The additional layer may be applied directly on the glove and be placed, for example, between the non-woven material and the laminate, as well as over the laminate.
The loose-fit glove is mold-produced from elastic closed-cell polymer material, its pores filled with gas. This material is 0.1 mm-5 mm thick, with average diameter of pores between 0.03 micron to 30 microns, with the volume of cavities filled with gas no less than 45%, with the share of pores no less than 55%.
Such glove is very convenient to use, because it is made from thin sturdy material, allows user to perform work outside at cold temperatures.
The glove manufactured according to the Example 1 has an additional layer of laminate, made from low density polyethylene, on the outer surface of the glove.
The glove manufactured according to the Example 2 contains information between the layers on the surface of the main material of the glove.
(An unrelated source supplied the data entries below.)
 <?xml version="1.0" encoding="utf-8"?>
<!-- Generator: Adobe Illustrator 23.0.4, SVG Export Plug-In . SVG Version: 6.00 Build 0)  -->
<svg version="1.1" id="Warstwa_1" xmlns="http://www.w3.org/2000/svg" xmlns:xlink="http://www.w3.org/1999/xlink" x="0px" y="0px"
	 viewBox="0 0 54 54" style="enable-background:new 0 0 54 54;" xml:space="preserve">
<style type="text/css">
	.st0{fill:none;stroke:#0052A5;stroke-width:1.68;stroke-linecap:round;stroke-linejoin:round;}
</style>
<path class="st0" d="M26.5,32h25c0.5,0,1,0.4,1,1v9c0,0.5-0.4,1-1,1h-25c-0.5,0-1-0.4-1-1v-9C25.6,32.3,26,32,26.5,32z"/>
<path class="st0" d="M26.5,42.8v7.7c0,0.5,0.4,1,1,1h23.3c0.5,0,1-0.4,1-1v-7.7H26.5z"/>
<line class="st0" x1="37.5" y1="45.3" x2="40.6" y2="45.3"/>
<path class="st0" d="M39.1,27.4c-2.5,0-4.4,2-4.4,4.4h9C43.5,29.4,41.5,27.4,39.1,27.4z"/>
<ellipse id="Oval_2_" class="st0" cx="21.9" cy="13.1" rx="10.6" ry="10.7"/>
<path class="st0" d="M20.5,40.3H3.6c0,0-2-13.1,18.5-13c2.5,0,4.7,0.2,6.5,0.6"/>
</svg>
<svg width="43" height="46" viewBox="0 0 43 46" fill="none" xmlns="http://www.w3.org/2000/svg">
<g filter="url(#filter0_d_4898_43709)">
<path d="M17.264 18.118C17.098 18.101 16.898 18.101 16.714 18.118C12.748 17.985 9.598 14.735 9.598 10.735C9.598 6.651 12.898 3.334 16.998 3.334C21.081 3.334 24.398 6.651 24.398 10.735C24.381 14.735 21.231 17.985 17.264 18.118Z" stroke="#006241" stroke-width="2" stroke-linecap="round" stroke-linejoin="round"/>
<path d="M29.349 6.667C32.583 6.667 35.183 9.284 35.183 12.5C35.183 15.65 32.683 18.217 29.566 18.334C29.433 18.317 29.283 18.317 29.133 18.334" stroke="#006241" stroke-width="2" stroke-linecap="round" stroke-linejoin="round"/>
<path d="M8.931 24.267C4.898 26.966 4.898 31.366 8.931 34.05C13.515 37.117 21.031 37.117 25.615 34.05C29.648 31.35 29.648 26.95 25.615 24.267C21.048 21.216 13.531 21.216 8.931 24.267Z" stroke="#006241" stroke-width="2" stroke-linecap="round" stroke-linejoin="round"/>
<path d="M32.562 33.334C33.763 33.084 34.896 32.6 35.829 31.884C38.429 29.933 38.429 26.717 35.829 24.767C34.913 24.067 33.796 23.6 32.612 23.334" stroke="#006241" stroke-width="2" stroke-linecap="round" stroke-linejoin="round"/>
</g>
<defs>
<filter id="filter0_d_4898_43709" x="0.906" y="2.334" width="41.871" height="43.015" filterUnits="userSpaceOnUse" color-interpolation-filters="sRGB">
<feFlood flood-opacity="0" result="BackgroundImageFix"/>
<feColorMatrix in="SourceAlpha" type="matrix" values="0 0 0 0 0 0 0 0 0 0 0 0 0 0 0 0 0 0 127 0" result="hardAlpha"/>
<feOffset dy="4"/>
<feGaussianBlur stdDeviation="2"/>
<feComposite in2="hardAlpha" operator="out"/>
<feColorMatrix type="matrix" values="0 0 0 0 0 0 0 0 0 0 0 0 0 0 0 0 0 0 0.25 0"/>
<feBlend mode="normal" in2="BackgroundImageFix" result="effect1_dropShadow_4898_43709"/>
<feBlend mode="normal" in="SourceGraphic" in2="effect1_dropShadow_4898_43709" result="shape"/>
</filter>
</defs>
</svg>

While conducting work inside a coal-mine, a miner wears gloves. The miner's hands remain dry and clean and provide electric isolation. Thanks to the work order and safety information applied to the outer surface of the glove, the worker obeys the safety rules while working with power tools and is less distracted, thus increasing the work productivity.
The protective glove has a high tensile rupture strength, is soft, preserves warmth (reflects the body heat of the user), is pleasant to a touch, does not cause skin irritation, absorbs sweat from the hands, its use increases job safety because of the safety information that may be applied to it, increases comfort while performing work.